Achieving excellent energy storage performance and thermal stability simultaneously in PVDF-based nanocomposites by designing the bismuth layer-structured fillers
摘要
Polymer-based dielectric materials exhibit several advantages, including high power density and rapid charge/discharge rates, making them widely applicable across various fields. However, their inherently low energy density restricts their applications in energy storage. To overcome this limitation, this study introduces novel bismuth-layered Bi2LaTiNbO9 (BLTN) nanosheets as inorganic fillers, applied to the design and fabrication of PVDF-based energy storage films. The moderate dielectric constant of BLTN helps mitigate the uneven electric field distribution caused by dielectric mismatch between the high-dielectric ferroelectric filler and the polymer matrix. The [Bi2O2]2+ layer of BLTN functions as an insulating shell, inhibiting the movement of free electrons, thus reducing leakage current and conduction losses within the polymer matrix. The [LaTiNbO7]2− polarization layer contributes to the enhancement of polarization strength. Additionally, the higher bandgap (Eg) of BLTN nanosheets further enhances the breakdown electric field within polymer-based materials. Consequently, the 1.5 wt% BLTN-P(VDF-HFP) nanocomposite film achieves an outstanding recoverable energy density of 25.1 J/cm3 and energy efficiency of 78.6% at 580 kV/mm, significantly surpassing that of pure P(VDF-HFP).

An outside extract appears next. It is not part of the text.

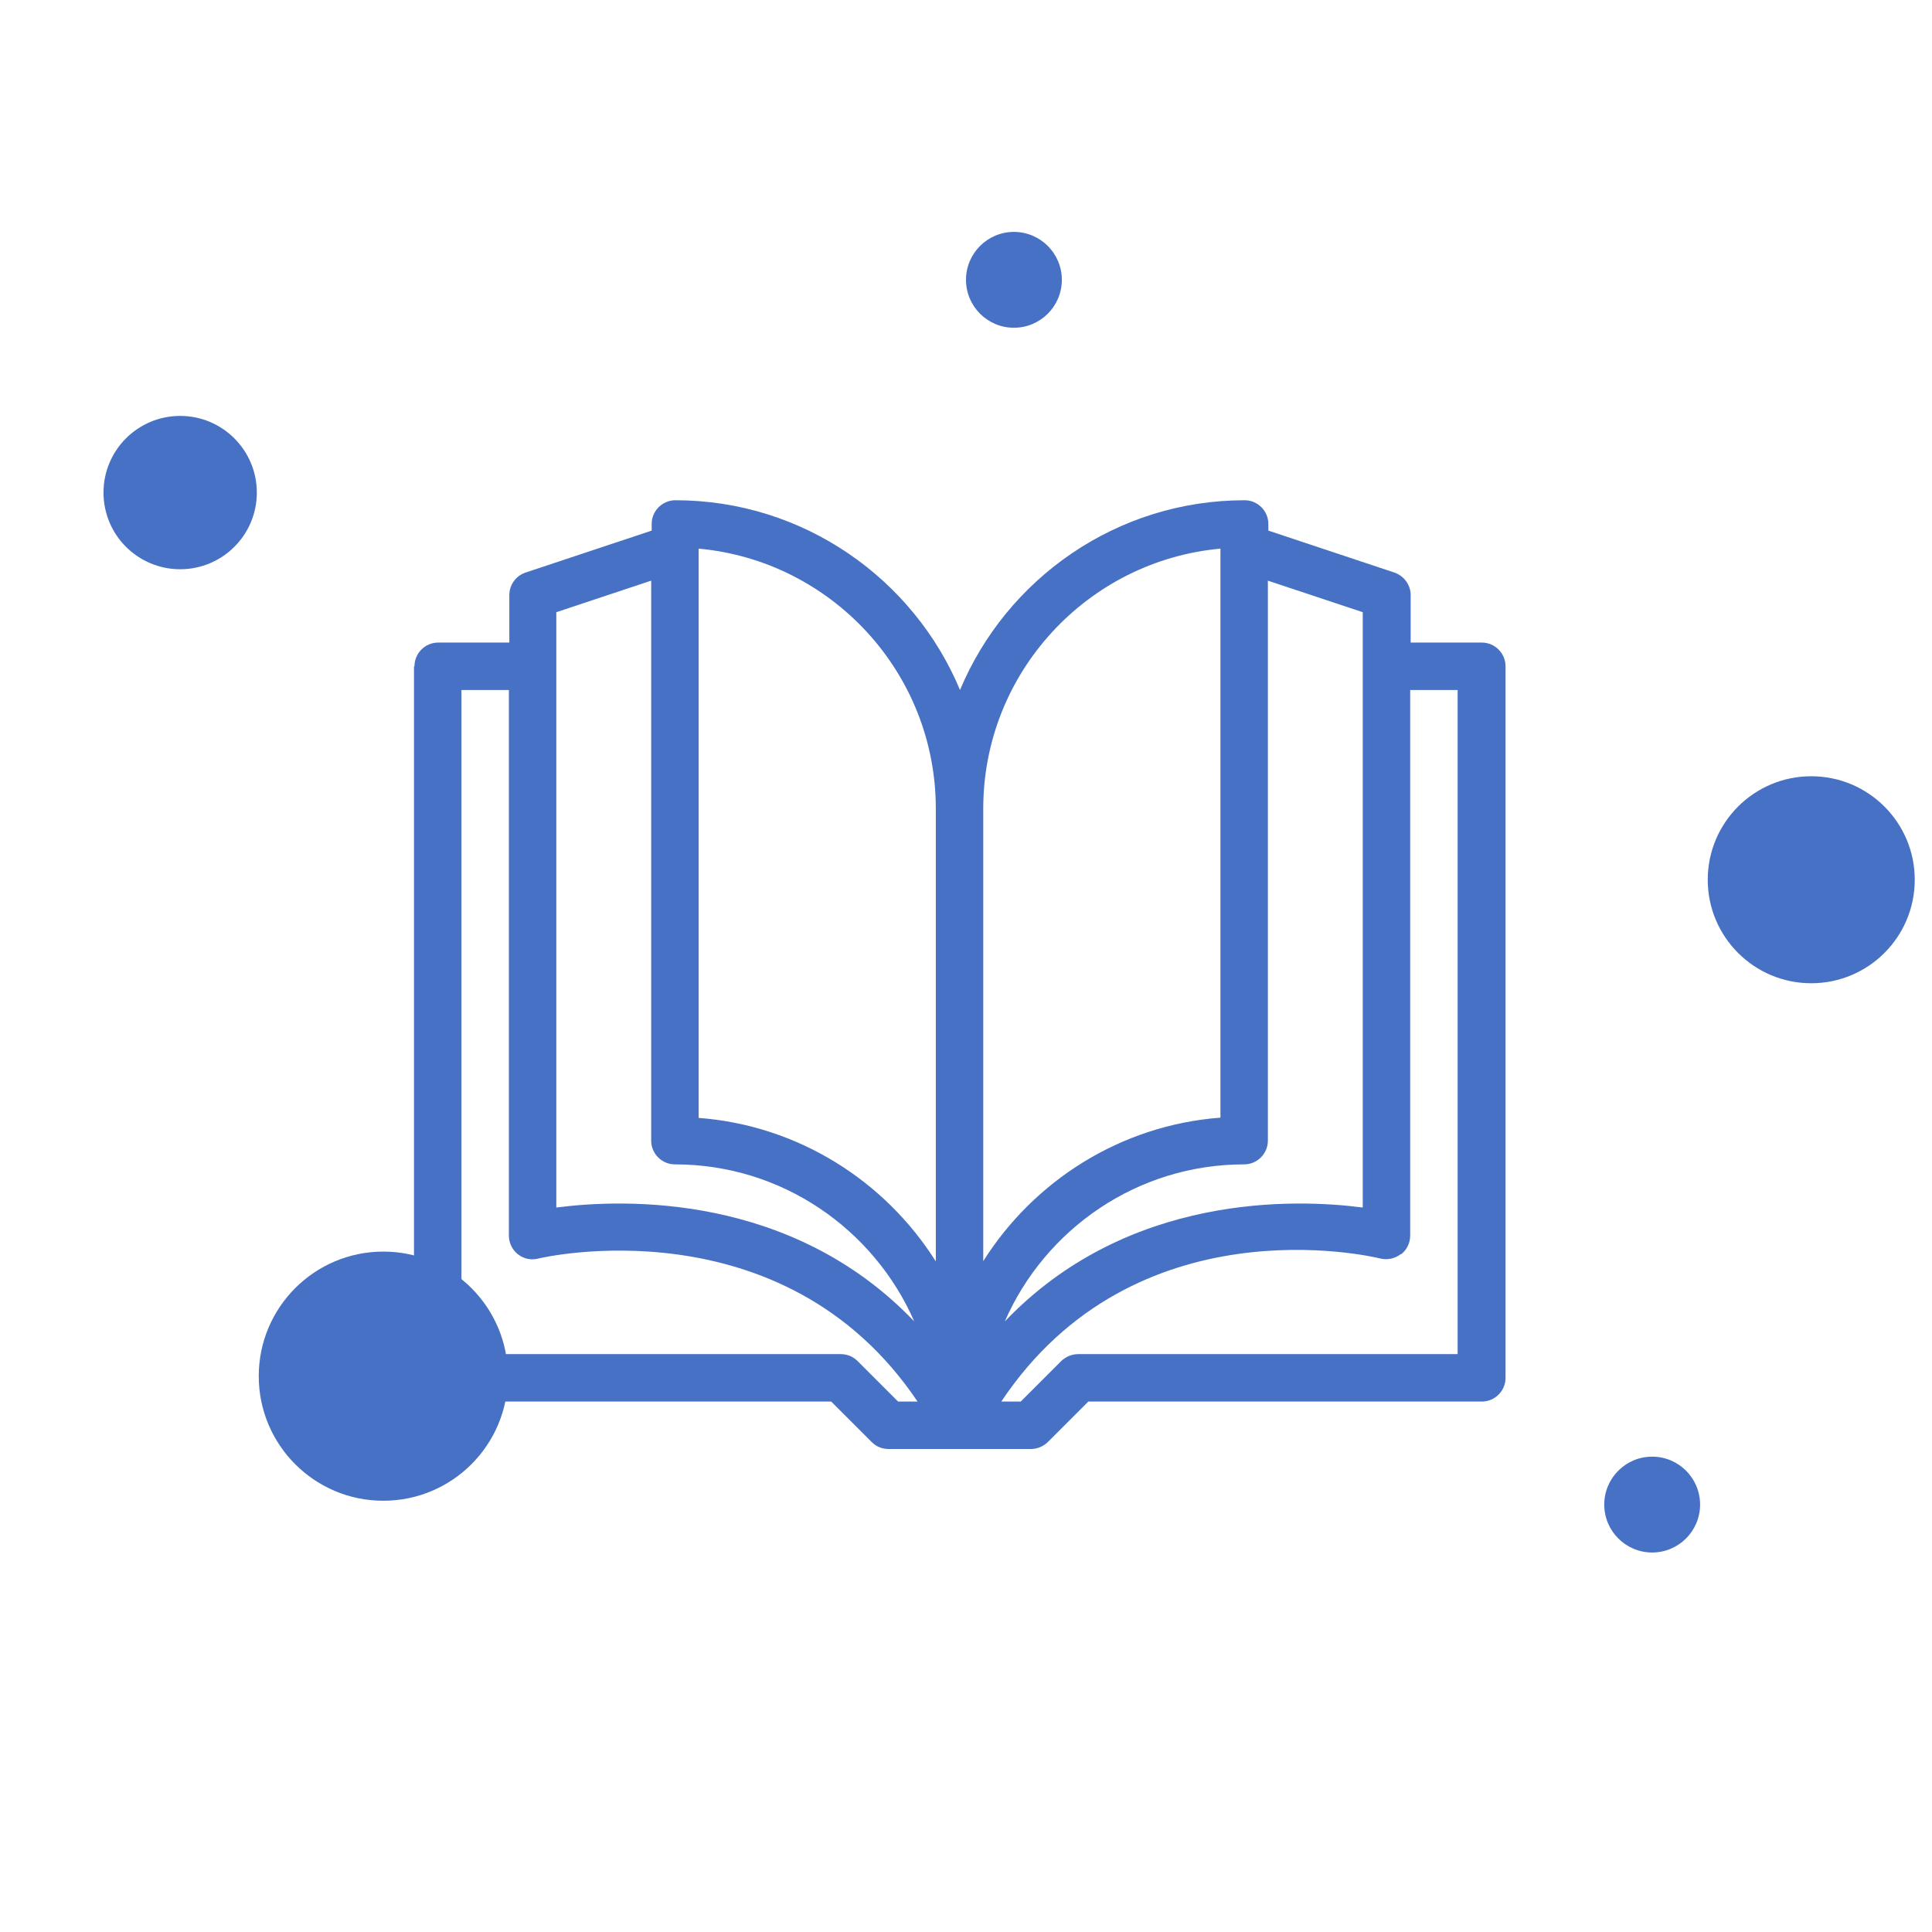 <?xml version="1.0" encoding="UTF-8"?> <svg xmlns="http://www.w3.org/2000/svg" width="112" height="112" viewBox="0 0 112 112" fill="none"> <path d="M24 38.625V79.875C24 80.631 24.619 81.25 25.375 81.25H48.186L50.538 83.601C50.799 83.862 51.142 84 51.514 84H59.764C60.135 84 60.479 83.849 60.74 83.601L63.091 81.25H85.903C86.659 81.25 87.278 80.631 87.278 79.875V38.625C87.278 37.869 86.659 37.25 85.903 37.25H81.778V34.5C81.778 33.909 81.392 33.386 80.843 33.194L73.528 30.76V30.375C73.528 29.619 72.909 29 72.153 29C64.728 29 58.347 33.551 55.653 40C52.958 33.551 46.578 29 39.153 29C38.396 29 37.778 29.619 37.778 30.375V30.76L30.462 33.194C29.899 33.386 29.527 33.909 29.527 34.5V37.25H25.402C24.646 37.25 24.027 37.869 24.027 38.625H24ZM81.228 72.711C81.558 72.45 81.75 72.051 81.75 71.625V40H84.5V78.5H62.5C62.129 78.5 61.785 78.651 61.524 78.899L59.172 81.25H58.045C65.786 69.659 79.426 72.808 80.031 72.959C80.444 73.055 80.87 72.959 81.214 72.698L81.228 72.711ZM73.5 66.125V33.661L79 35.49V70.002C75.109 69.494 65.374 69.15 58.251 76.603C60.589 71.254 65.924 67.5 72.125 67.5C72.881 67.5 73.5 66.881 73.5 66.125ZM57 46.875C57 38.996 63.05 32.506 70.75 31.805V64.791C64.961 65.231 59.943 68.449 57 73.11V46.875ZM40.5 31.805C48.2 32.506 54.25 38.996 54.25 46.875V73.124C51.307 68.463 46.289 65.245 40.5 64.805V31.805ZM32.25 35.49L37.75 33.661V66.125C37.75 66.881 38.369 67.5 39.125 67.5C45.326 67.5 50.661 71.254 52.999 76.603C45.876 69.15 36.141 69.494 32.25 70.002V35.49ZM26.75 40H29.5V71.625C29.5 72.051 29.692 72.45 30.023 72.711C30.352 72.972 30.793 73.069 31.205 72.959C31.356 72.918 45.381 69.631 53.191 81.25H52.064L49.712 78.899C49.451 78.638 49.108 78.5 48.736 78.5H26.75V40Z" fill="#4771C4"></path> <path fill-rule="evenodd" clip-rule="evenodd" d="M98.556 87.222C98.556 85.688 97.312 84.444 95.778 84.444C94.244 84.444 93 85.688 93 87.222C93 88.756 94.244 90 95.778 90C97.312 90 98.556 88.756 98.556 87.222ZM14.889 28.556C14.889 26.101 12.899 24.111 10.444 24.111C7.99 24.111 6 26.101 6 28.556C6 31.01 7.99 33 10.444 33C12.899 33 14.889 31.01 14.889 28.556ZM58.778 13.444C60.312 13.444 61.556 14.688 61.556 16.222C61.556 17.756 60.312 19 58.778 19C57.244 19 56 17.756 56 16.222C56 14.688 57.244 13.444 58.778 13.444ZM29.444 79.778C29.444 75.789 26.211 72.556 22.222 72.556C18.233 72.556 15 75.789 15 79.778C15 83.766 18.233 87 22.222 87C26.211 87 29.444 83.766 29.444 79.778ZM105 45C108.314 45 111 47.686 111 51C111 54.314 108.314 57 105 57C101.686 57 99 54.314 99 51C99 47.686 101.686 45 105 45Z" fill="#4771C4"></path> </svg>

Furthermore, the 1.5 wt% BLTN-P(VDF-HFP) composite also demonstrates excellent thermal stability within the temperature range of 25–125 °C. These results suggest that bismuth-layered BLTN nanosheets serve as highly effective fillers for PVDF-based energy storage materials, offering greater design flexibility in the development of advanced flexible nanocomposite energy storage films.